Plastic Assembly Welding Applications
Standard Flared Stake
The standard flared stake satisfies the requirements of most applications. This stake is recommended for bosses with an O.D. of 1/16-inch (1.6 mm) or larger and is ideally suited for low density, nonabrasive amorphous plastics.
The spherical stake is preferred for bosses with an O.D. less than 1/16-inch (1.6 mm). It is also recommended for crystalline plastics with sharp highly defined melting temperatures, for plastics with abrasive fillers, and for materials that degrade easily.
Bosses with an O.D. in excess of 5/32-inch (4 mm) should be made hollow. Staking a hollow boss produces a large strong head without having to melt a large amount a material. Also, the hollow stake avoids sink marks on the opposite side of the component, and enables the parts to be reassembled with self-taping screws, should repair and disassembly be necessary.
The knurled stake is used in applications where appearance and strength are not critical. Since alignment is not an important consideration, the knurled stake is ideally suited for high volume production, and is often recommended for use with a hand-held ultrasonic spot welder. Knurled tips are available in a variety of fine, medium and course configurations.
The flush stake is used for applications requiring a flush surface. The flush stake requires that the retained piece has sufficient thickness for a chamber or counterbore.
Ultrasonic staking controls the flow of the molten plastic used to capture or retain another component in place. Ultrasonic staking provides an alternative to welding when the two parts consist of dissimilar materials that cannot be welded or when simple mechanical retention of one part relative to another is inadequate (i.e. as distinct from molecular bonding). A common application is the attachment of plastic to metal. Typically a metal part, with location holes, is placed over a plastic part with molded bosses. The horn tip is then pressed against the plastic boss and the vibratory motion creates friction and localized heating. As the boss melts, the light pressure from the horn forms a head to a shape determined by the horn tip configuration. When the vibrations stop, the plastic material solidifies, and the dissimilar materials are fastened together.
With staking, tight assemblies are possible because mating parts are clamped under pressure of the horn until the rivet head solidifies. There is no elastic recovery as is the case with heat staking or cold forming. A major advantage of ultrasonic staking over heat staking is that the ultrasonic staking tip remains relatively cool during the process, forming a clean head with no sticking or stringing during assembly.
During spot welding, the horn tip penetrates through the top sheet and enters the bottom sheet to a depth of one half the top sheet thickness. The displaced molten plastic is shaped by a cavity in the tip to create an annular formation around the weld. Simultaneously, the molten plastic displaced from the second sheet flows into the pre-heated area and forms a permanent molecular bond. Large thermoplastic parts and applications with hard to reach joining surfaces can easily be welded together using an ultrasonic spot welder and standard replaceable tips.

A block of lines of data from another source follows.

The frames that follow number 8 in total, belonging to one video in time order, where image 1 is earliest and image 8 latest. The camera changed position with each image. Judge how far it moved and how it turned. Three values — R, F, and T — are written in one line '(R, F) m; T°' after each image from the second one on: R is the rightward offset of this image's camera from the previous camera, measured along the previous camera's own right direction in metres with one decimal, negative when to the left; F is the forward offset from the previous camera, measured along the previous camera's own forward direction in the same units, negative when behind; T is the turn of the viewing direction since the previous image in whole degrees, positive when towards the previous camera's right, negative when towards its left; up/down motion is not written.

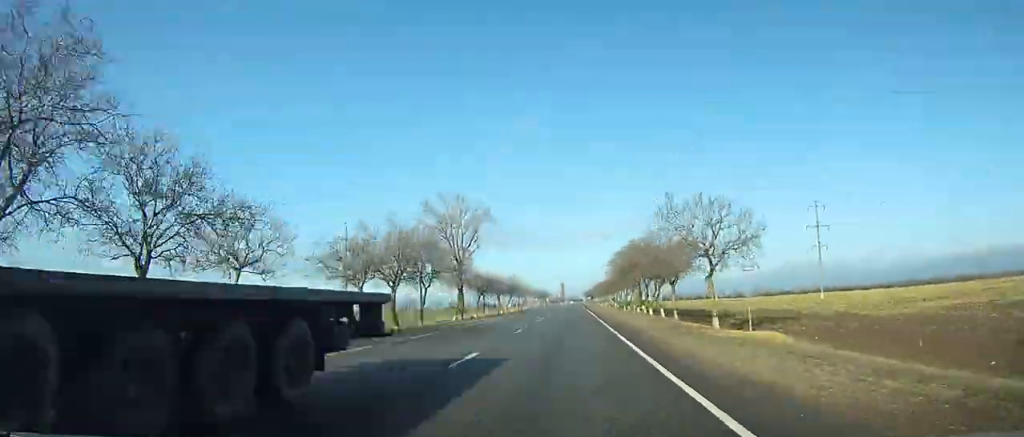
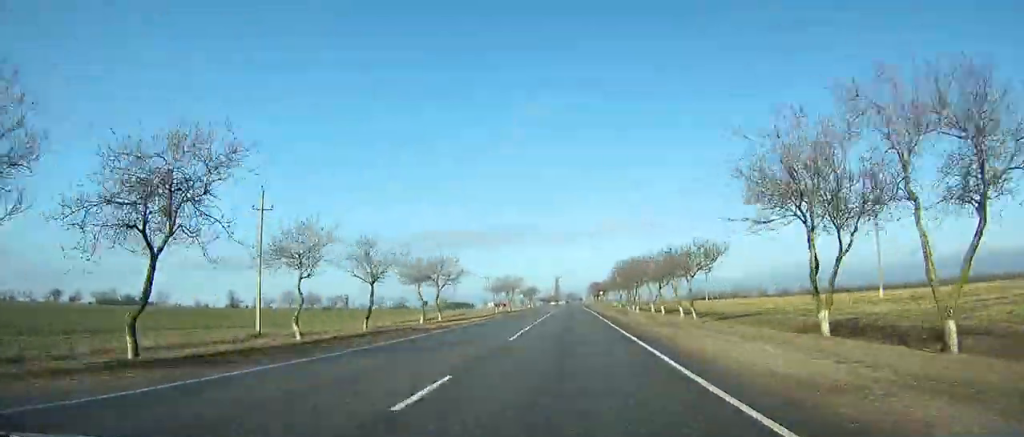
(-1.2, +120.8) m; -3°
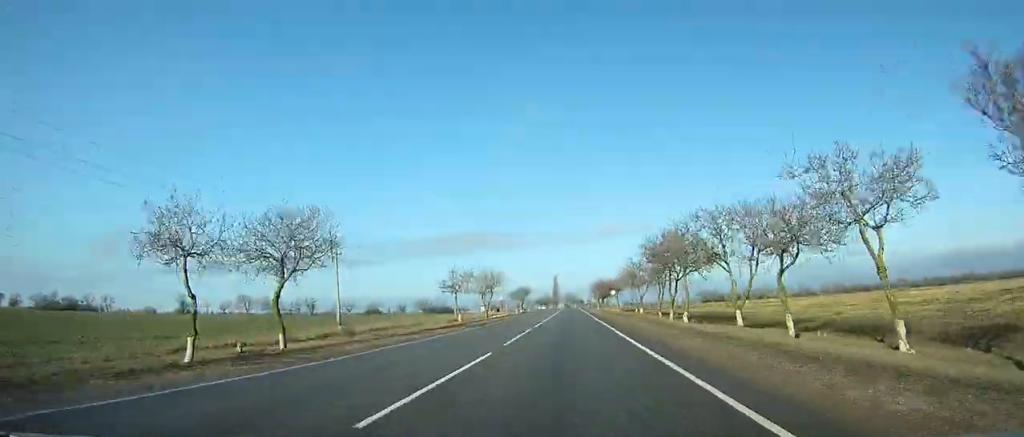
(+0.4, +41.5) m; -3°
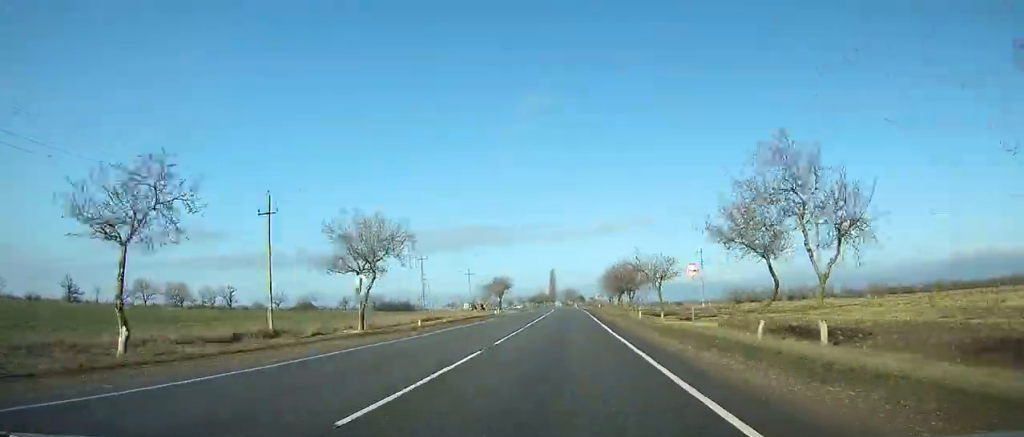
(-3.8, +68.3) m; +3°
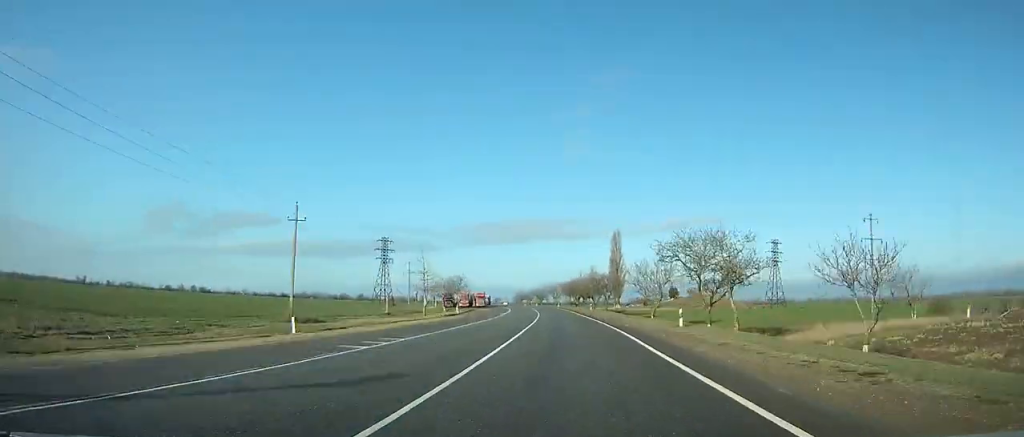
(+12.1, +140.3) m; -2°
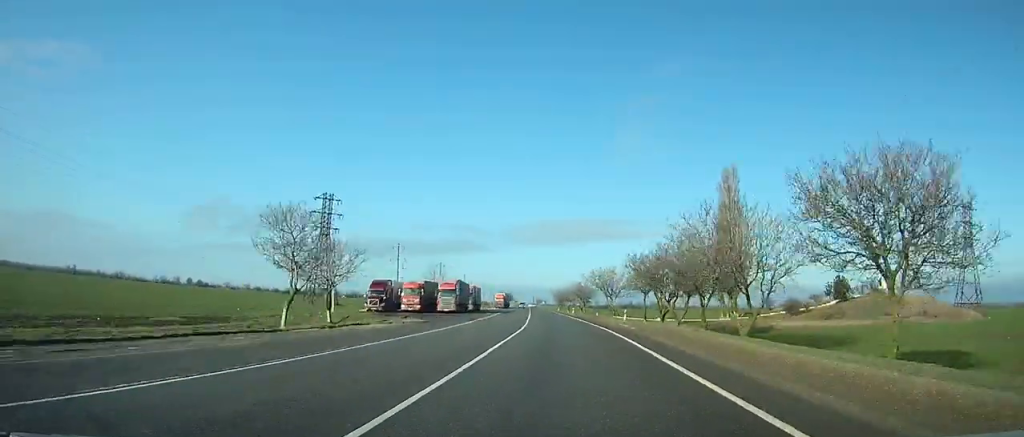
(-7.2, +80.4) m; -7°
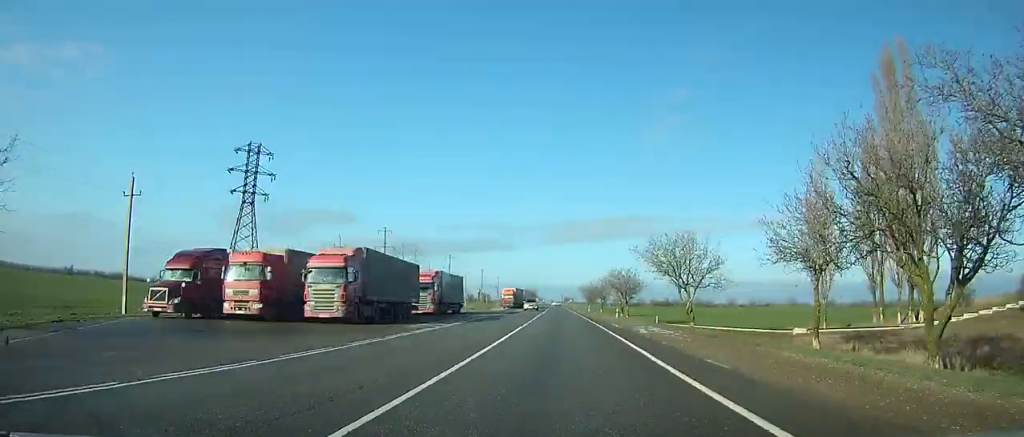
(-0.8, +39.6) m; -1°
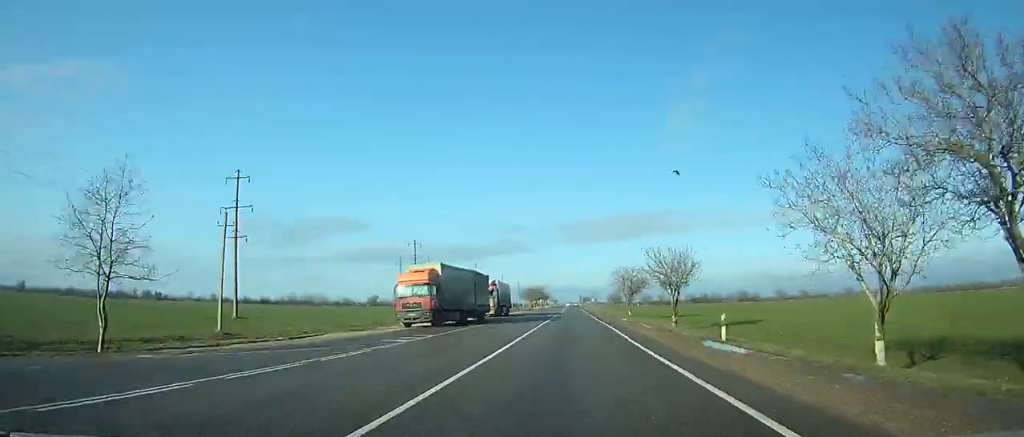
(-1.5, +75.4) m; -1°

In ultrasonic insertion a metal insert is placed in a cored or drilled hole that is slightly smaller than the insert. This hole provides a certain degree of interference and also serves to guide the insert into place. The vibrating ultrasonic horn contacts the insert and the ultrasonic vibrations travel through the insert to the interface of the metal and plastic. Heat, generated by the insert vibrating against the plastic, causes the plastic to melt, and as the horn advances, the insert is embedded into the component. The molten plastic flows into the serrations, flutes, or undercuts of the inserts, and when the vibrations terminate, the plastic re-solidifies and the insert is securely encapsulated in place. Inserts can be ultrasonically installed in most thermoplastics.
Ultrasonic insertion provides the high performance strength values of a molded-in insert while retaining all of the advantages of post-molded installation. Some of the advantages of ultrasonic insertion over other methods include rapid installation, minimal residual stresses in the component following insertion, elimination of potential mold damage, reduced mold fabrication costs and increased productivity as a result of reduced mold cycle times.